Miguel Grau (perfiles peruanos)
Ante el nombre glorioso que encabeza estas líneas, los marinos de todo el mundo se descubren y América entera se postra de rodillas. He dicho que los marinos de todo el mundo, exagerando un tanto; contados serán los españoles que lo conozcan: cuando Miguel Grau conquistó un puesto resplandeciente al lado de los héroes, cuando después de su gloriosa campaña voló á los Campos Elíseos, en donde Churruca debió esperarle con los brazos abiertos, España no tenía representación naval en el Pacífico, como la tenían, y lucidísima, Francia, Inglaterra, Alemania, Italia y los Estados Unidos.
¿Qué extraño debe, pues, parecemos que sólo un reducidísimo número de nuestros marinos sepa quién fué Miguel Grau ni las hazañas sorprendentes por él realizadas?
Y, sin embargo, un marino español ilustre, don Juan Bautista Topete, con quien me cupo la honra de hablar en Santander al día siguiente de mi regreso de América, me decía conmovido: «Hubiera dado la vida por presenciar esa guerra de titanes,» aludiendo á la chileno-peruana.

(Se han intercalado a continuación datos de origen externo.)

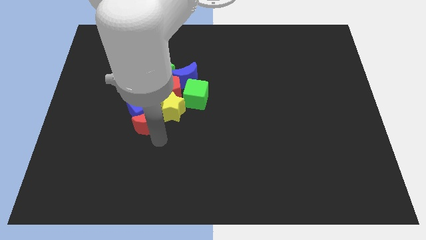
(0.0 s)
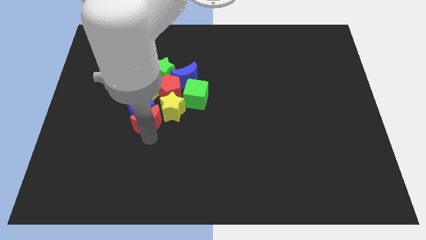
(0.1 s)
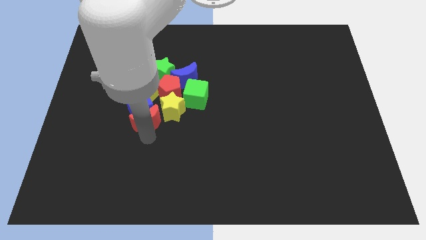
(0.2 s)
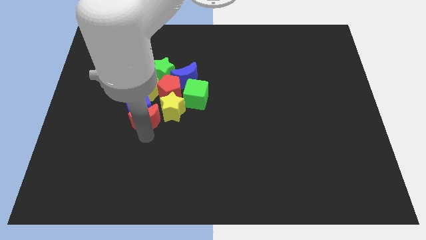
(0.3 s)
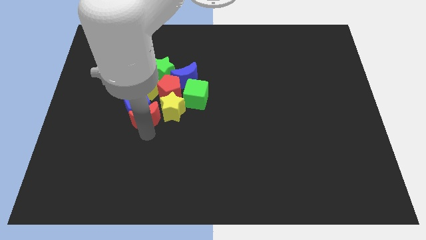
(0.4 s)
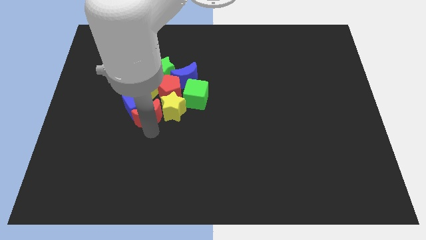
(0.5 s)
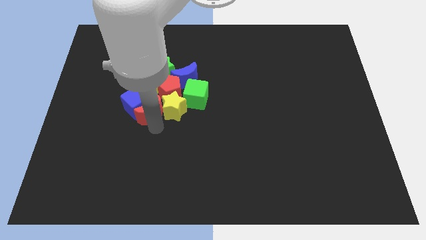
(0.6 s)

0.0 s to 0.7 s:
move the red crescent into the blue block

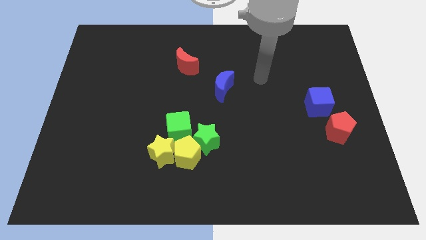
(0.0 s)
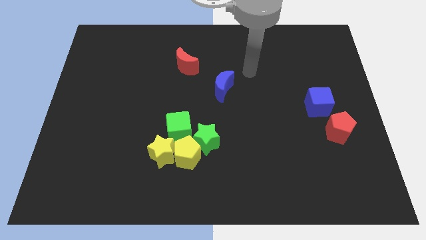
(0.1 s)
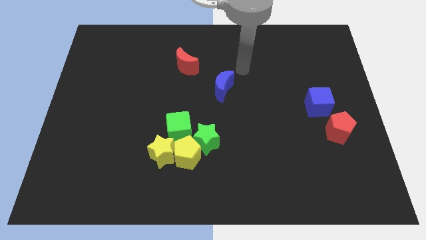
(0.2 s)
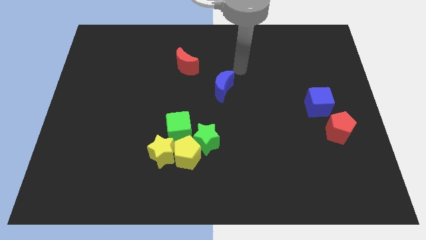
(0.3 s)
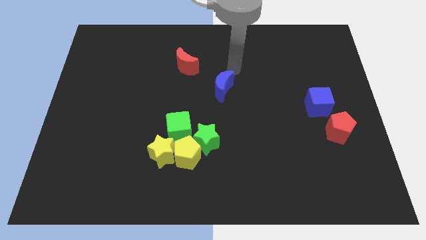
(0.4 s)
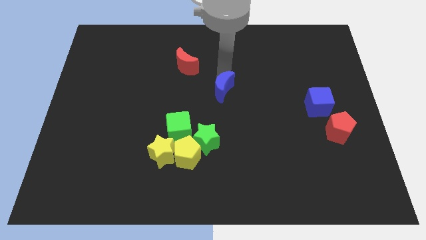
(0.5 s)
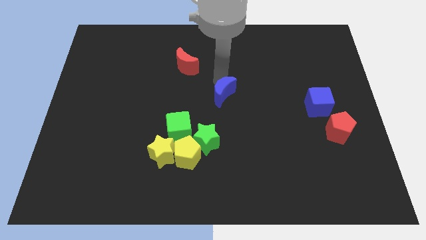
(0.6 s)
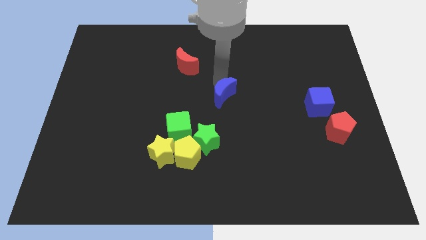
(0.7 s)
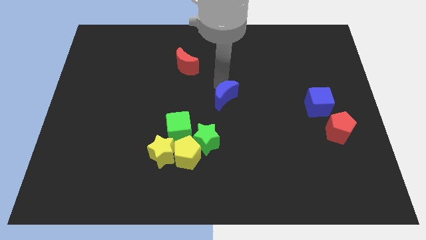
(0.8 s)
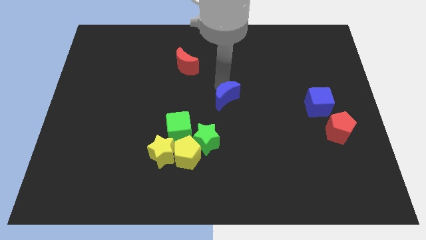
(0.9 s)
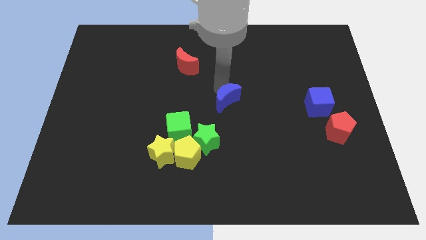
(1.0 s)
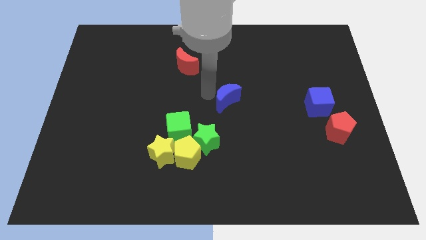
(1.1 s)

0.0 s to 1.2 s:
slightly move the blue cube to the down

-¡Grau!, decía Topete, Grau es la figura más grande y más simpática que América puede presentarnos después de su independencia. Yo hice la campaña del 66, señora...
-Y con honra, le contesté.
- Con honra la hizo la marina española; pero yo peleaba contra mis amigos del Perú, sin acordarme que eran extranjeros; me parecía aquella una de nuestras contiendas civiles. ¡Qué valientes! ¡Qué valientes! ¡Y cuánto he querido yo á Monterito!
Aludía el bravo Topete al contraalmirante peruano D. Lisardo Montero.
Nuestro viejo marino me preguntó por cada uno de los jefes de la escuadra peruana; quiso enterarse de todo minuciosamente; condolióse de que España no hubiera tenido representación naval en el Pacífico cuando estos acontecimientos, y honrando la memoria de Topete puedo asegurar que se conmovió oyendo el relato de las heroicidades llevadas á cabo por los jóvenes que él había conocido en los comienzos de su carrera.
Pues bien: Topete, que amaba á los que en un tiempo fueran sus adversarios, no sus enemigos, había seguido paso á paso la estela brillante que el Huáscar, al mando de Grau, iba dejando en sus atrevidas excursiones de Norte á Sur y de Sur á Norte; pero apenas si algún otro de los que tan alto pusieron el pabellón de la marina española en aguas del Callao habrá mostrado curiosidad por saber qué fin tuvieron aquellos valientes.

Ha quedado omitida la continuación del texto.